With more than $400 million in sales, Kitching has represented properties designed by influential architects, including A. Quincy Jones, John Lautner, Marmol-Radziner, Charles Ward, Lorcan O’Herlihy, Thom Mayne, Ted Tokio Tanaka and Rodney Walker, according to his online bio. He has been ranked among the top 100 agents in Los Angeles by sales volume as reported by REAL Trends.

In 2003, Pelayo built his first Sunia House in Echo Park California — 2,000 square feet and packed with green features like solar panels, greywater system, rainwater harvesting, and a stove that burns wood pellets. The three-bedroom, two-bathroom house took four months to build and cost $350,000.

Pelayo turned that self-taught experience into a template for developing Sunia Homes in other urban areas.

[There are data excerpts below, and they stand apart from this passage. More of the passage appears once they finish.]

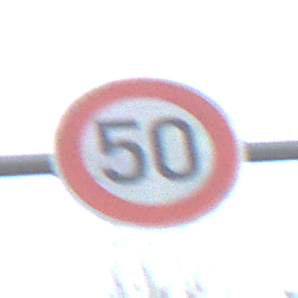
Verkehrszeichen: Geschwindigkeit50
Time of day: MorningAfternoon
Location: Outdoor (Nature)
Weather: PartlyCloudy
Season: NotSpecified
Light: Natural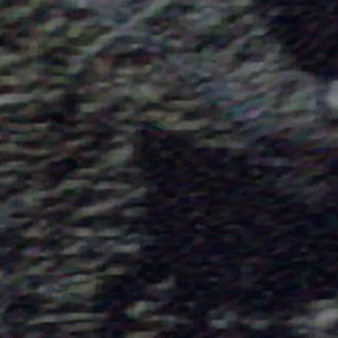
Label: other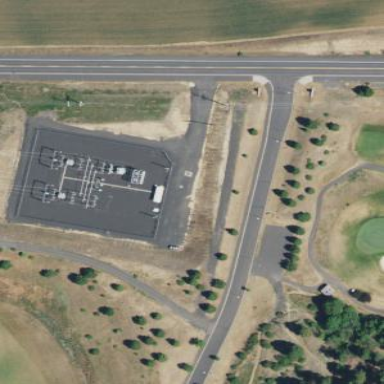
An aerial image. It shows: Power substation.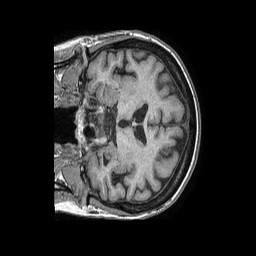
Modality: T1w
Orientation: coronal
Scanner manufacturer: philips
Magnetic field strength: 1.5 T
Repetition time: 0.007702 s
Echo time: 0.003574 s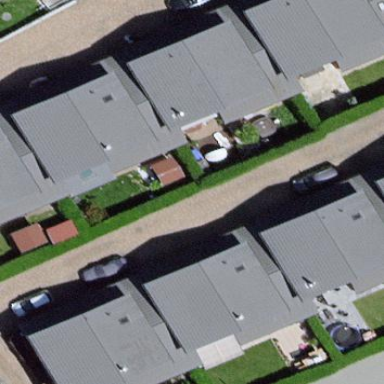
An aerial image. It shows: Terrace building with gabled roof.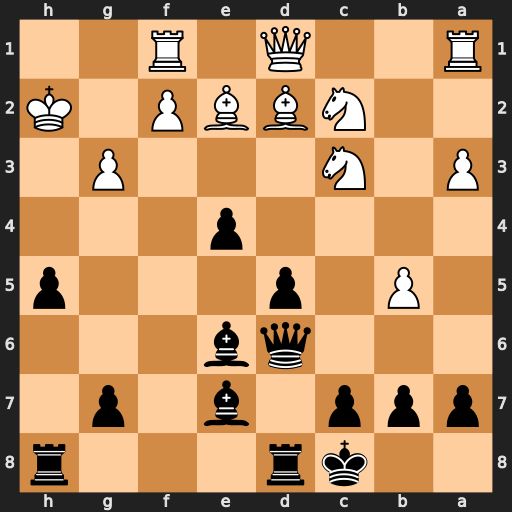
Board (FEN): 2kr3r/ppp1b1p1/3qb3/1P1p3p/4p3/P1N3P1/2NBBP1K/R2Q1R2
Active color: b
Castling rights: -
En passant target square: -
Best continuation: h4 Rh1 hxg3+ Kg2 gxf2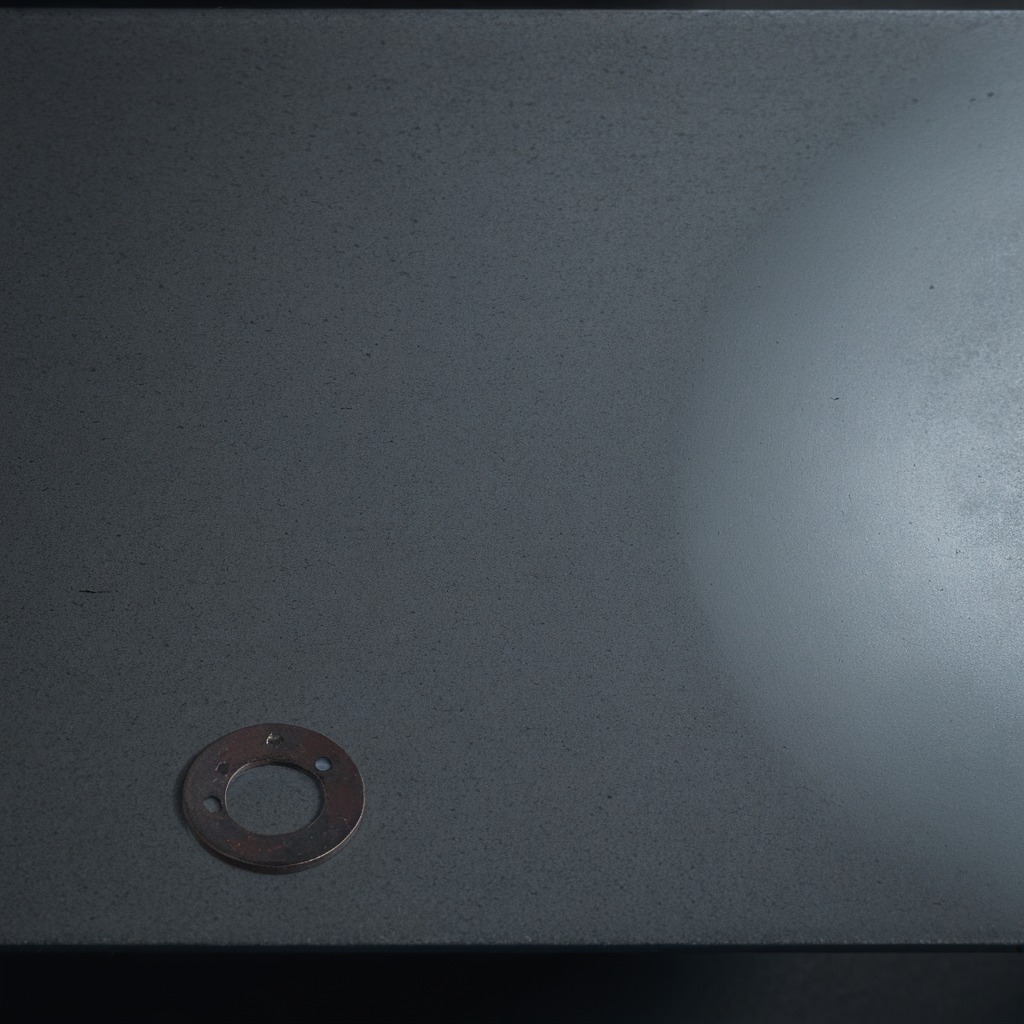
A flat metal washer is lying on the granite table.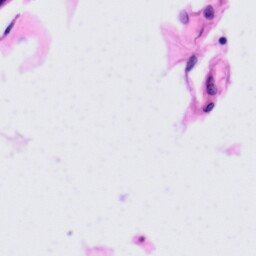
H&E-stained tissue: Tonsil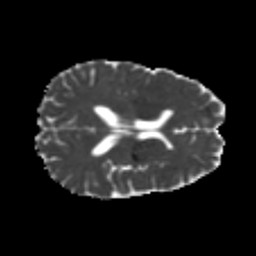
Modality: MD
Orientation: axial
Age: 22
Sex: female
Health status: healthy
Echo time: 0.074 s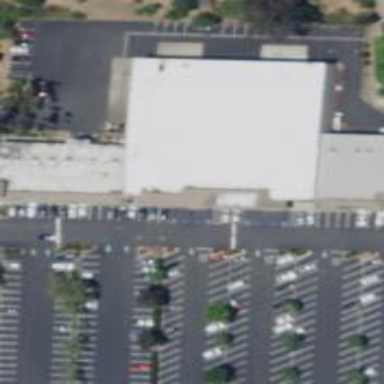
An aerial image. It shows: Supermarket.
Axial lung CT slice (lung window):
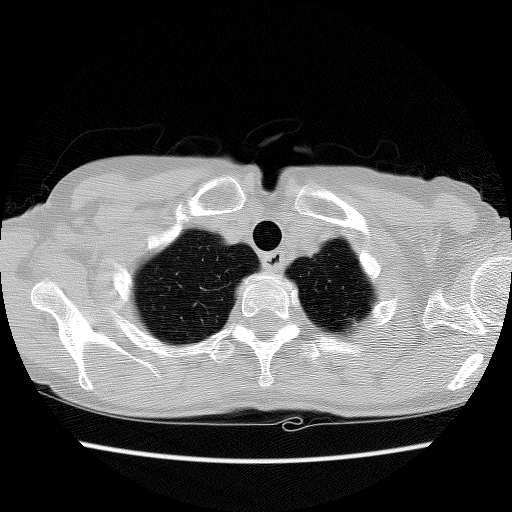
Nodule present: no
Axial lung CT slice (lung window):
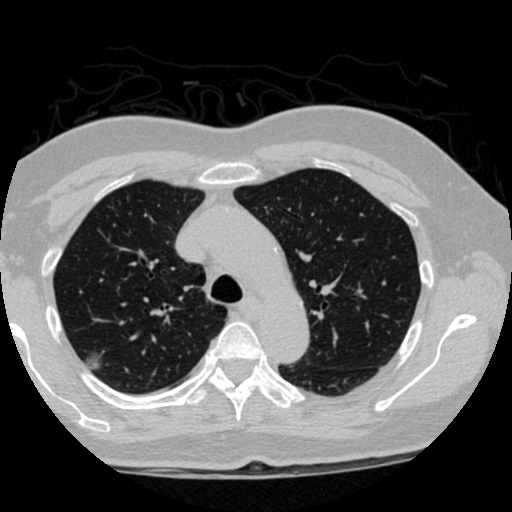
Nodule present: yes
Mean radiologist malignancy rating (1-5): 3.333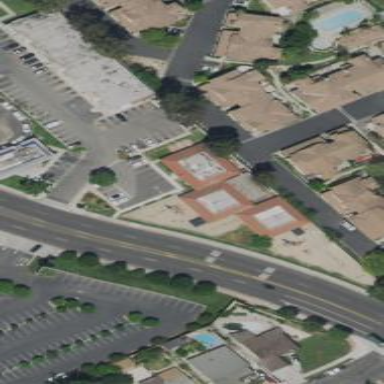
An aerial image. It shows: Commercial building.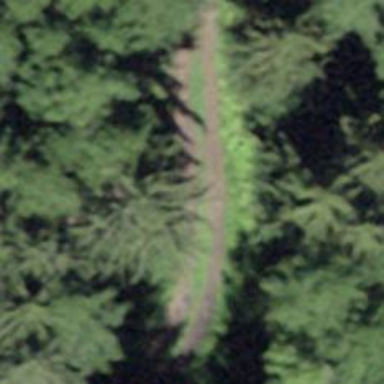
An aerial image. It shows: Track road with grade3 tracktype.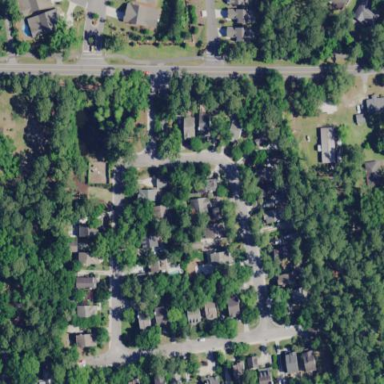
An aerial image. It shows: Residential area within subdivision.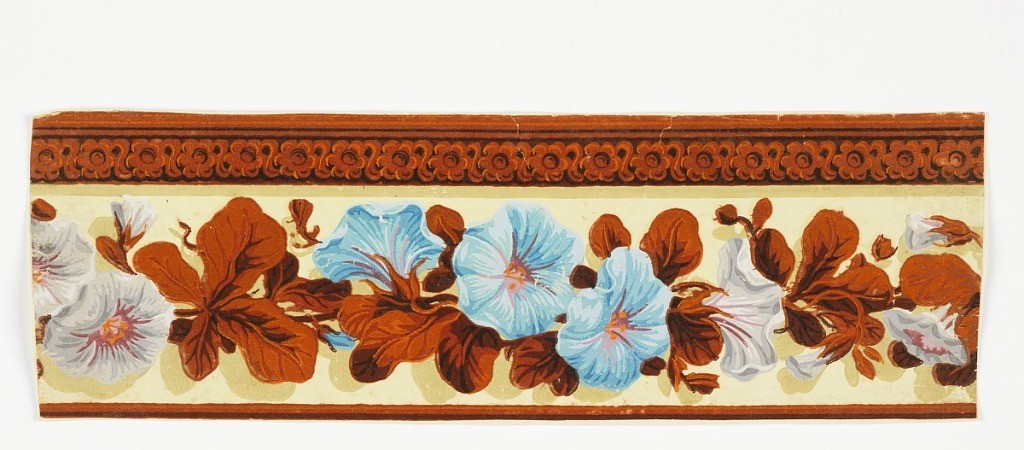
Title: Border
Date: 1830–60
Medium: Block-printed and flocked
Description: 1931-45-95-a,b: Brightly colored morning glories interspersed with...;     1931-45-95-c: Rectangular. Band of blue and white morning glorie...

Sunia Homes are built to make environmentally-sound communities using low water, little waste, and food grown on site.

Pelayo is also listed as “architect” on Cornell Farms in the Town of LaGrange in Dutchess County, a redevelopment project that proposes 55 clustered single-family, environmentally-built houses and a farm-to-table restaurant, farm shops, a creamery, and brewery/cidery with 166 parking spaces.

For Cornell Farms, Pelayo has teamed with Tom Lee, a hedge fund manager, who purchased the 182 acres in 2019 for $2.4 million. The plan has been pending for 18 months before the Town of LaGrange planning board, The developers have received a negative declaration on their SEQRA application, but there has been little activity on that pending application.

“It’s been a long road for sure and HNA has not made it easy, but I am hopeful we are in the home stretch,” said Teresa Kenny.